Claro, já havia algumas pesquisas que apontavam a associação do tabagismo com alguns tipos de doença, como o câncer, contudo eram evidências não tão fortes e inquestionáveis quanto as que temos hoje. Havia também toda uma indústria bilionária no plantio e consumo do tabaco através do fumo que se valia de todas as estratégias disponíveis para a sua venda e propagação de produtos, como propaganda, merchandising e mesmo patrocínio de esportes sofisticados.

O hábito era tão disseminado que não era incomum encontrar médicos que fumavam, sob o pretexto de fazê-lo de forma controlada, dosada ou mesmo usar “apresentações” de cigarro menos prejudiciais à saúde.

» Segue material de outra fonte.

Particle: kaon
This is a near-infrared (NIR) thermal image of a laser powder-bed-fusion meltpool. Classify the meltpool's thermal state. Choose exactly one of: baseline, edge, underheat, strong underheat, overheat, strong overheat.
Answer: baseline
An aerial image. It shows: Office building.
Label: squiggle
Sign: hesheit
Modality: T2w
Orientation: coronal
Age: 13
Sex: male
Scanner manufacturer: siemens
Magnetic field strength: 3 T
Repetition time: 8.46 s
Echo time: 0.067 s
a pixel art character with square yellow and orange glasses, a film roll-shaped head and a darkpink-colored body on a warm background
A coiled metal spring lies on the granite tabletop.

Claro que estes argumentos nunca resistiram a um olhar científico um pouco mais criterioso em provar que não existem níveis seguros de interação com o tabagismo que permitam desfrutá-lo sem prejudicar drasticamente a qualidade de vida.

Os anos se passaram e hoje é raríssimo encontrar um médico ou dentista que fume. Ninguém mais defende o cigarro de alguma forma e a indústria do tabaco, ainda muito forte economicamente, não pode fazer uso de propaganda explícita, tendo inclusive que ilustrar claramente, na embalagem de cada um dos seus produtos, as consequências daquele hábito para a saúde do seu usuário.

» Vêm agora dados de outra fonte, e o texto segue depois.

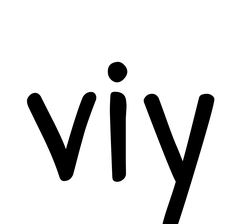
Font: PatrickHand-Regular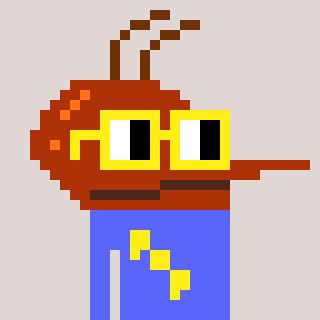
a pixel art character with square yellow glasses, a mosquito-shaped head and a purple-colored body on a warm background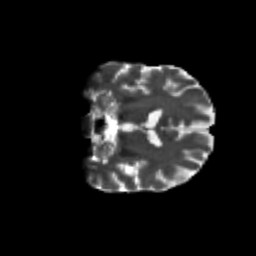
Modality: T2w
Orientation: coronal
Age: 67
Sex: female
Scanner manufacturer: siemens
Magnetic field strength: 3 T
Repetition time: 4.71 s
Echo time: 0.0906 s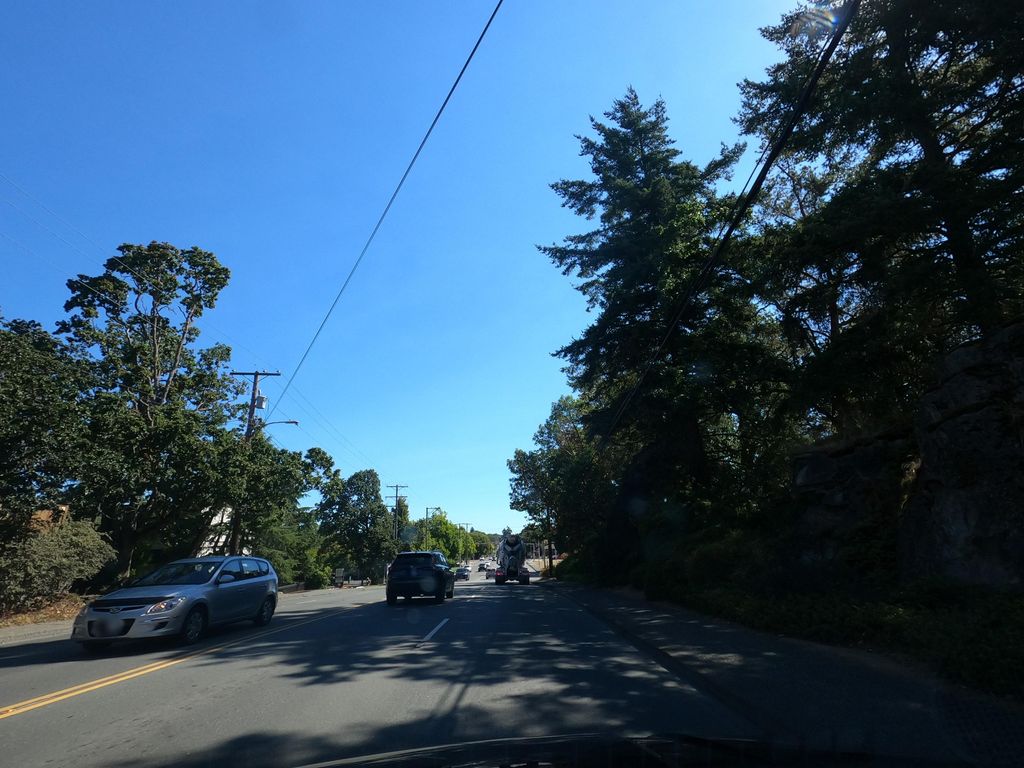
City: victoria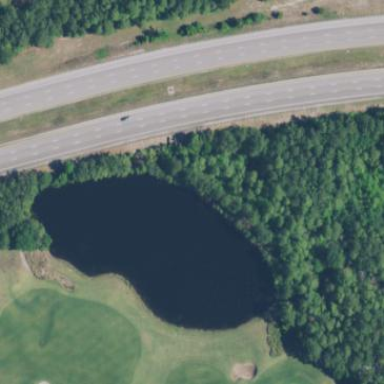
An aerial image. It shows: Water hazard in golf course. The hazard is natural water feature.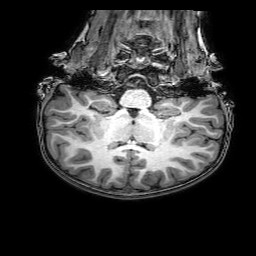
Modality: T1w
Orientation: sagittal
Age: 6
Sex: female
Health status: healthy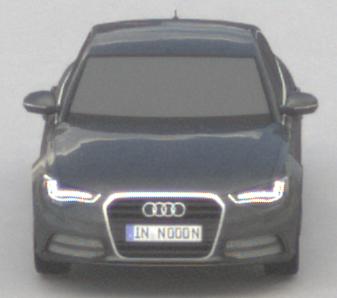
Make: Audi
Model: A6 2.0 TFSI
Detailed model: A6 (C7) Limousine
Model produced from: 2011/10
Model produced until: 2014/09
Doors: 4
Color: gray
Road condition: dry road
Daytime: morning or afternoon
Contrast: low contrast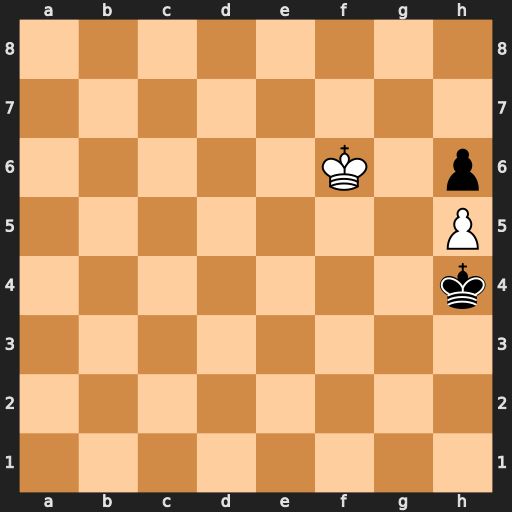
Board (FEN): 8/8/5K1p/7P/7k/8/8/8
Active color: w
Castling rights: -
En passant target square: -
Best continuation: Kg6 Kg4 Kxh6 Kf5 Kg7
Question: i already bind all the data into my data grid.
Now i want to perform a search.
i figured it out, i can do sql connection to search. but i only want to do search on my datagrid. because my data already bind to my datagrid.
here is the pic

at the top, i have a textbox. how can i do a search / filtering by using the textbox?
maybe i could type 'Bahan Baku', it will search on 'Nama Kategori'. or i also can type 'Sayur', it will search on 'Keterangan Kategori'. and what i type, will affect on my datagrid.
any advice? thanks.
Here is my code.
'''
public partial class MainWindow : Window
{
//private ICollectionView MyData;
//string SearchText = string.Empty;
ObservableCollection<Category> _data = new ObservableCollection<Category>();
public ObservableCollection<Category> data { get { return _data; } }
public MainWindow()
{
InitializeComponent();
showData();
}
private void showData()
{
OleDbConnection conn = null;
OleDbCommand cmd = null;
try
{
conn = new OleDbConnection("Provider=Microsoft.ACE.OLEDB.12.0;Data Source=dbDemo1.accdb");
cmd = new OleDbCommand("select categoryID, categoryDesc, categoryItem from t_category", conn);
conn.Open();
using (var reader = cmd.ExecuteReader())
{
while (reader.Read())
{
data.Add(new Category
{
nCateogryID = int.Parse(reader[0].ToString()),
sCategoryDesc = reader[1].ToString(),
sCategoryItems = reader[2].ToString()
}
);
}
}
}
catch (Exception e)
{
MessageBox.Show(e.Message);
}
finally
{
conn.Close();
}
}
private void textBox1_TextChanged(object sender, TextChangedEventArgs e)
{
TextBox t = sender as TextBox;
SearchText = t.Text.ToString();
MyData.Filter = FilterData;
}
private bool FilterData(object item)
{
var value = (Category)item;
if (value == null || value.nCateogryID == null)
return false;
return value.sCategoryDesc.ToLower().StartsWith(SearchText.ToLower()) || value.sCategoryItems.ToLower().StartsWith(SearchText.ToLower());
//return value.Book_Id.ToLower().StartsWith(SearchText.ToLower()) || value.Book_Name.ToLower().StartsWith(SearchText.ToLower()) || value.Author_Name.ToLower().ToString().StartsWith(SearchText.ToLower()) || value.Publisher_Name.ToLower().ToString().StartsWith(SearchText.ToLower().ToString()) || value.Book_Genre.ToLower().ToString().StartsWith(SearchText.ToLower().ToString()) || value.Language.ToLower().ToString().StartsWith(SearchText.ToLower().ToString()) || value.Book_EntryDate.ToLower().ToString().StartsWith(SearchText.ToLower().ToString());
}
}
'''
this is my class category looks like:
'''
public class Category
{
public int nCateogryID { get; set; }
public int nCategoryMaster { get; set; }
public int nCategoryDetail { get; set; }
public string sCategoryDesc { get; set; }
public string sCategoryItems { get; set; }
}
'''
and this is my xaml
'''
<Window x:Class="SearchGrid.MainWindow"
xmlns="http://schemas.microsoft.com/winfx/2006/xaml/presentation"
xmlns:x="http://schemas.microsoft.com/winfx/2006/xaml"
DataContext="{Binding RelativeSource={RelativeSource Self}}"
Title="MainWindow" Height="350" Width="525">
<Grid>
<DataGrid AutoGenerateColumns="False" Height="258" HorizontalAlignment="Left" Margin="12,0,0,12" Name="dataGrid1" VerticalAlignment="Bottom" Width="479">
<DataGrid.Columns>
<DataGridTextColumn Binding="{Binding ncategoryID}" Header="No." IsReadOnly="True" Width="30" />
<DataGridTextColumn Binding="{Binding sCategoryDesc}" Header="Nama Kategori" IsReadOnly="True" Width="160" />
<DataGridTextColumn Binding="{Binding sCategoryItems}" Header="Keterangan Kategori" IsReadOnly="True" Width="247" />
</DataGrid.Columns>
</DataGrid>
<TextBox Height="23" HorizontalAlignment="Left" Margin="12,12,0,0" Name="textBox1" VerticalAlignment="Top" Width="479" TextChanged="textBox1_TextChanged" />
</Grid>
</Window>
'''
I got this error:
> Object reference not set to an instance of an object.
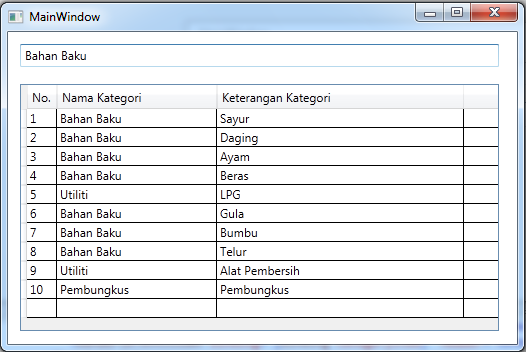
Answer: You have to add TextChanged Event in xaml like
'''
<TextBox Text="" Width="115" Canvas.Left="210" Canvas.Top="37" Height="23" TextChanged="TextBox_TextChanged" />
'''
in your cs file Your TextChanged event look like
'''
private ICollectionView MyData;
string SearchText=string.Empty;
private void TextBox_TextChanged(object sender, TextChangedEventArgs e)
{
TextBox t= sender as TextBox;
SearchText=t.Text.ToString();
MyData.Filter = FilterData;
}
private bool FilterData(object item)
{
var value = (Book_Information)item;
if (value == null || value.Book_Id == null)
return false;
return value.Book_Id.ToLower().StartsWith(SearchText.ToLower()) || value.Book_Name.ToLower().StartsWith(SearchText.ToLower()) || value.Author_Name.ToLower().ToString().StartsWith(SearchText.ToLower()) || value.Publisher_Name.ToLower().ToString().StartsWith(SearchText.ToLower().ToString()) || value.Book_Genre.ToLower().ToString().StartsWith(SearchText.ToLower().ToString()) || value.Language.ToLower().ToString().StartsWith(SearchText.ToLower().ToString()) || value.Book_EntryDate.ToLower().ToString().StartsWith(SearchText.ToLower().ToString());
}
'''
MyData Contains your Whole Collection of Data
here is example
'''
ViewBook=new ObservableCollection<Book_Information>();
dataGrid1.ItemsSource=ViewBook;
MyData=CollectionViewSource.GetDefaultView(ViewBook);
'''

Escolhi o mês de novembro, dedicado ao cuidado da saúde masculina, o chamado “novembro azul”, para trazer aqui a minha opinião sobre algo que eu considero ser o “novo cigarro”:  a pornografia.

A exemplo do cigarro, a pornografia é fortemente difundida em nosso meio, de forma ampla e em quantidades absurdas, por conta da tecnologia de comunicação das redes sociais. Por trás dela existe uma forte indústria, com altos ganhos de dinheiro, que trafega dados (captados e roubados), propagandas e negocia acesso a amplo público consumidor com poder aquisitivo.

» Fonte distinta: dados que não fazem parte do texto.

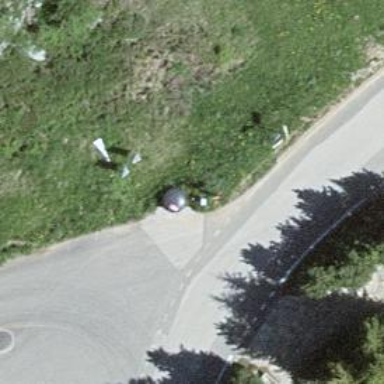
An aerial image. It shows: Bus stop along the road.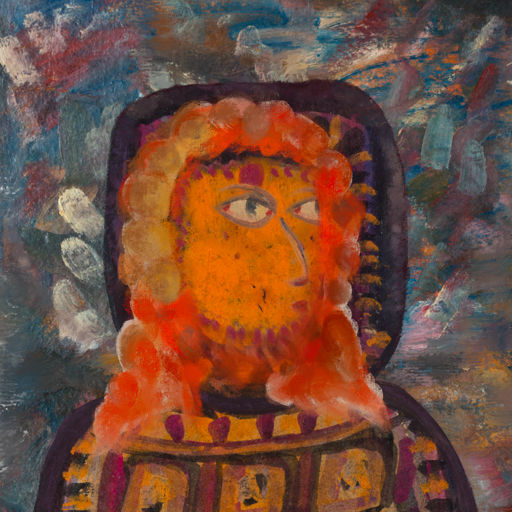
Background: Boggyland, Head And Neck Side: Doll_w_Hair, Face Side: GypsyMother, Bust: Doll, Hair Side: Rupkatha, Head Accessory: Blank, Second Necklace: Blank, Necklace: Blank, Baby: Blank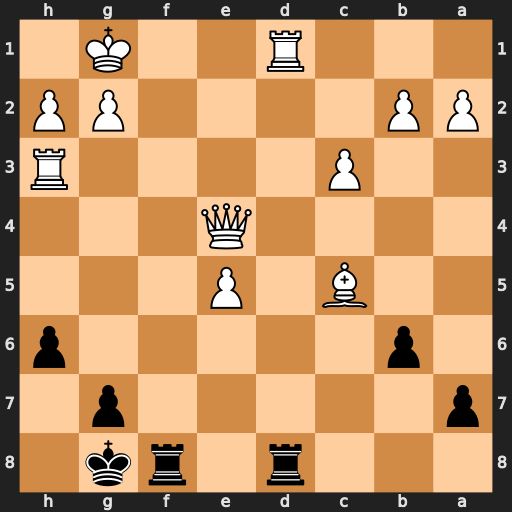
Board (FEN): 3r1rk1/p5p1/1p5p/2B1P3/4Q3/2P4R/PP4PP/3R2K1
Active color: b
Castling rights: -
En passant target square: -
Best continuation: Rxd1+ Qe1 Rxe1#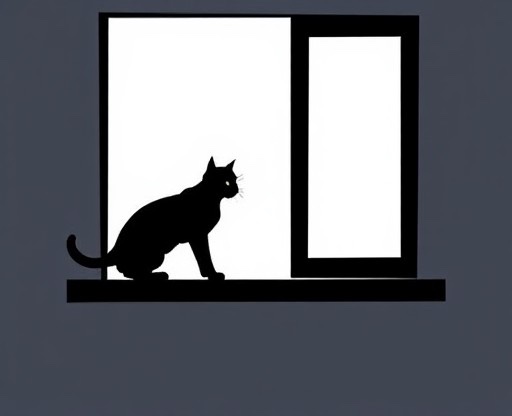
Category: Pets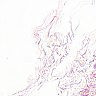
Metastatic tissue present: no

Enganam-se aqueles que acreditam ser algo que se pode assistir “de graça” e de “maneira anônima”. Na grande maioria são homens, contudo já existe pornografia voltada especificamente para mulheres.

Engano maior, entretanto, é achar que o seu uso é inofensivo ou que existem níveis “seguros” para seu consumo, bem a semelhança do tabaco. Crescente o número de jovens que vêm ao meu consultório com dificuldades de relacionar-se com seus afetos e atrativos, pois não sabem como obtê-los no mundo “real”.

Como poderiam? Condicionaram seus cérebros a se excitarem rapidamente, no espaço de tempo de alguns “clicks” no mouse de um computador, sem necessidade de envolvimento, dedicação, espera, carinho... aliás, nem mesmo afeto é necessário. Pornografia é o prazer claro e explícito, rápido, eficaz, inodoro, insípido e quase asséptico. Só que nada disso é real.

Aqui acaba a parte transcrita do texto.